Leer sirve para que nuestra ignorancia no vaya a más. De no hacerlo, cavamos una fosa más honda y nos metemos ahí a esperar que el tiempo acabe o que el mundo se detenga. Los libros, incluso los malos, nos salvan del caos o nos arrojan a él. Es preferible elegir el mal que esperar a que él nos elija a nosotros. A veces, en algunos libros que he leído, he sentido esa punzada, la del desencanto o la de la tristeza. ¿Entonces un libro puede curar a quien padece un trastorno psicológico? Imagino que sí: lo hará a su manera, escogerá qué partes te dejará como nuevas y cuáles no tocará. No hay libro que te sane enteramente, pero no hay ninguno que no te alivie algo.

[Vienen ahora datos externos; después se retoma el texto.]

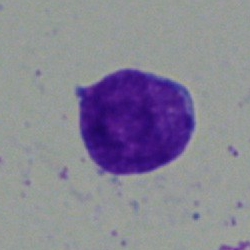The cell shown is a typical lymphocyte.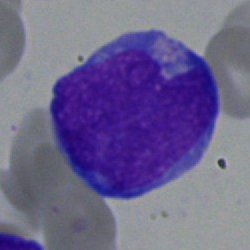Morphological class — undifferentiated blast.
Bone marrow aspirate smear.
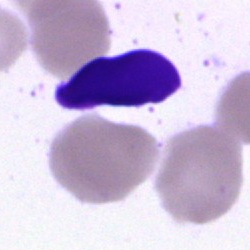Morphology — artifact.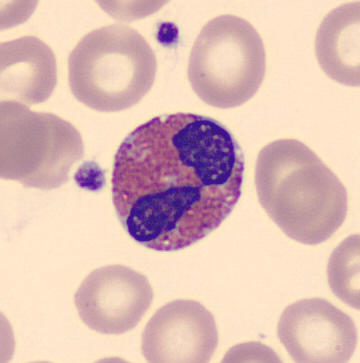Eosinophil.

Image: CellaVision DM96 digital cell image · peripheral blood film.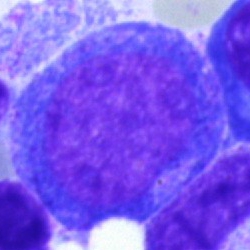 Bone marrow aspirate smear, single cell — promyelocyte.
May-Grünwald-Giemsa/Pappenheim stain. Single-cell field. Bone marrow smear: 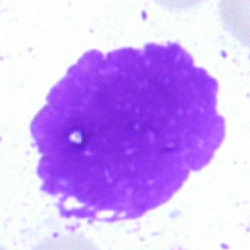 Classification = artifact.
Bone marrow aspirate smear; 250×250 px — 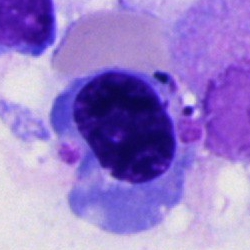

A nucleated red blood cell.
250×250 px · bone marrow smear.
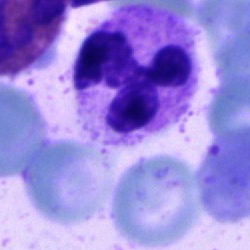
The cell type is segmented neutrophil.
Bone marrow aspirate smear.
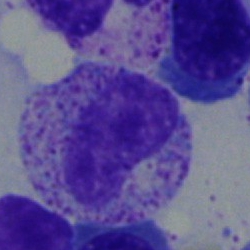
Morphology consistent with a metamyelocyte.
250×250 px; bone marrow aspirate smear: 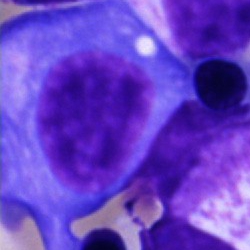 Q: Which cell type is shown here?
A: It is a plasmacyte.
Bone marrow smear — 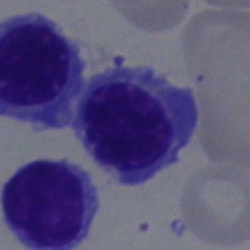

Cell type: nucleated red cell.
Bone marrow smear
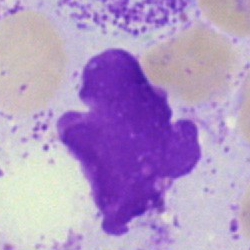

Q: What is shown here?
A: An artifact.
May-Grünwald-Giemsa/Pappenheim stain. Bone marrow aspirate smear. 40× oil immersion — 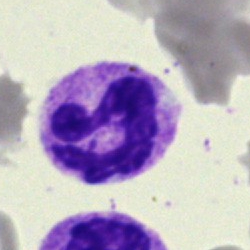Morphology consistent with a segmented neutrophil.
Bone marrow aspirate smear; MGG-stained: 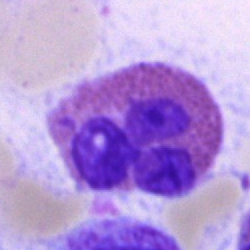Eosinophilic granulocyte.
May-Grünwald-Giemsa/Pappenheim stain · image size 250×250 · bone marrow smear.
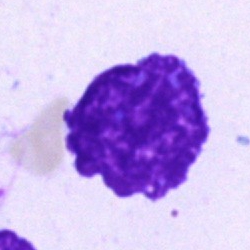
Single cell identified as an artifact.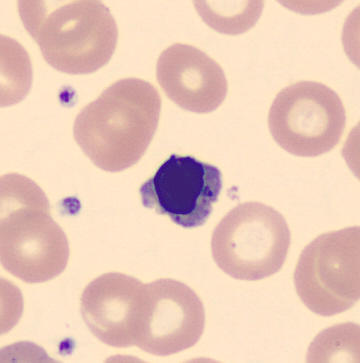
Peripheral blood film.
Classification: nucleated red blood cell.
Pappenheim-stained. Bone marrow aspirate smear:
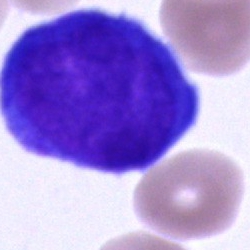
The morphological class is undifferentiated blast.
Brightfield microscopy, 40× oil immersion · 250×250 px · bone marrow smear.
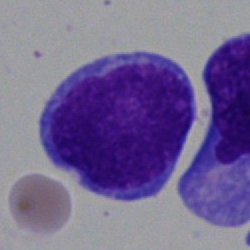Morphology consistent with a blast.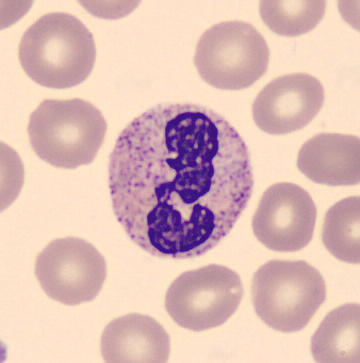

Specimen: peripheral blood film.
Classification: polymorphonuclear neutrophil.
Lineage: myeloid. Preparation: 360 by 363 pixels.
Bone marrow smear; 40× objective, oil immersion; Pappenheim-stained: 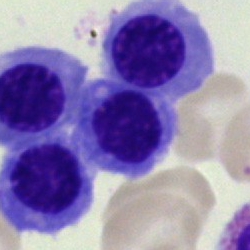

{"cell_type": "nucleated red blood cell", "lineage": "erythroid"}
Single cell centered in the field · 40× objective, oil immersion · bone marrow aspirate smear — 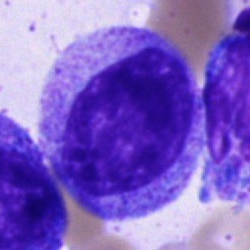
Morphology → progranulocyte.
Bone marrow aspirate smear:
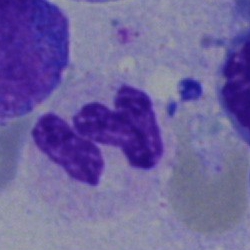
This is a segmented neutrophil.
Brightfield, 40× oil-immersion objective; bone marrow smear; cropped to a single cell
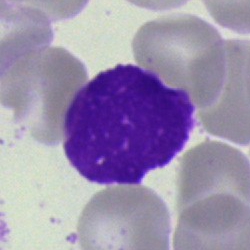 {"cell_type": "artefact"}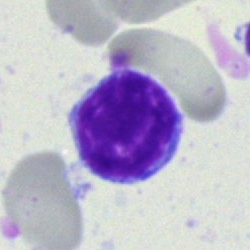 Q: Identify the cell.
A: Lymphocyte.
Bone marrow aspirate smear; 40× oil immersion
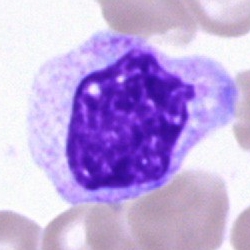Classification — monocyte.
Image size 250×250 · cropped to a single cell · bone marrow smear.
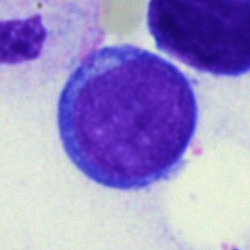The cell shown is a lymphocyte.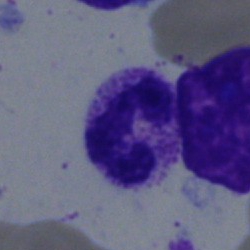
Single-cell crop from a bone marrow smear: neutrophil (segmented).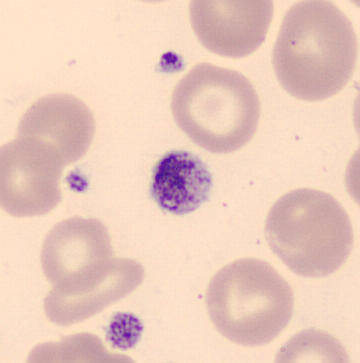

Peripheral blood film.

Identified as a thrombocyte.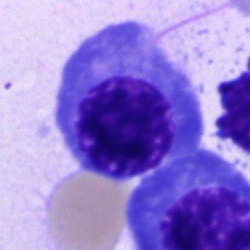 The cell is normoblast.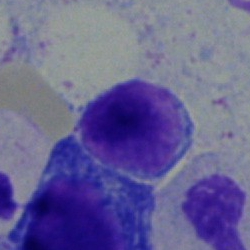
The cell type is lymphocyte.
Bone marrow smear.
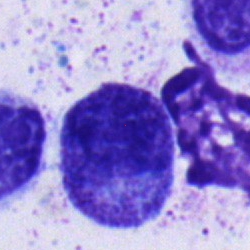 Myelocyte.
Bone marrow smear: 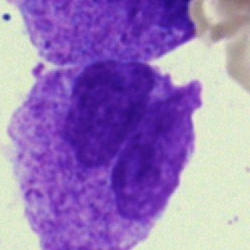Impression → undifferentiated blast.

La neurociencia dice que el cerebro aprende a través de las emociones. Quizá resida ahí la manera en que leer cura más que correr o que tomar ensalada antes de dormir. Por otro lado, hay quien no lee jamás y tiene las ideas claras y las emociones limpias. No hay fiabilidad en este tipo de cosas: se puede vivir al margen de los libros y tener la felicidad que no tiene quien los devora. Tengo amigos que están en ese lado y no me atrevo a hacer ver que padecen un mal del que yo me considero libre. Lo que no tienen es el refugio al que yo acudo cuando lo necesito. Otra cosa es que esa necesidad sea diaria o que uno se abastezca sin que intermedie necesidad alguna. Uno de ellos, del que no diré nada más, lee para coger el sueño. Coge alguno libro de la estantería, se lo lleva a la cama, se acomoda bien con el almohadón a la espada y busca el lugar por donde lo dejó anoche. Me confiesa que tarda un par de páginas en caer rendido. Le vence el cansancio del día, lo derrota. En ese sentido, los médicos ingleses estarían encantados. Este amigo no precisa medicación para conciliar el bendito sueño. Lee un libro al año, pongo por caso, pero le procura el consuelo que a veces a mí no me proporcionan los veinte o treinta que leo en ese tiempo. Algunas de mis noches son lo suficientemente largas como para envidiar ese uso bastardo que mi amigo le da a los libros. Los días terribles, los que a veces lo son, me parezco a él más de lo que me gustaría: caigo a la quinta página. Tal vez sueño que continúo la lectura. Prefiero pensar que en mis ensoñaciones prosigo la lectura cancelada. Se produce así un texto doble: uno funciona en la realidad; otro, más enigmático, ocurre en mi imaginación.
Son las palabras las que curan. Ellas hacen todo el trabajo. Se arriman unas a otras, buscan la posición más idónea y montan un cuento o un poema. Las más osadas, las que tienen más coraje o disponen de más tiempo, construyen novelas, pero no hace falta que estén impresas o que las contenga un libro. También curan las palabras que decimos y las que escuchamos. Uno cuenta lo que le pasa o escucha lo que le pasa a los demás. El modo en que esas palabras confortan no es nuevo. Somos las historias que nos cuentan. Mientras que las escuchamos, el tiempo se encorva, se aligera, se expande, se fragmenta, se comba, se alarga. Hay libros en los que incluso desaparece. No creo que todos sirvan para ese propósito. Yo he visitado algunos. No todos son recomendables: los libros nos eligen a nosotros de alguna manera. Hay autores que idearon su historia para que tú la leyeras. Conforme entras en ella adviertes ese regalo que te hicieron. Mientras que la lees, no tienes constancia de que otros estén haciendo eso mismo que estás haciendo tú, leer. El cine es una actividad comunitaria, pero la literatura es un acto íntimo, uno privado como pocos. Nunca se necesita a nadie para leer. Nacemos solos, morimos solos y leemos en soledad.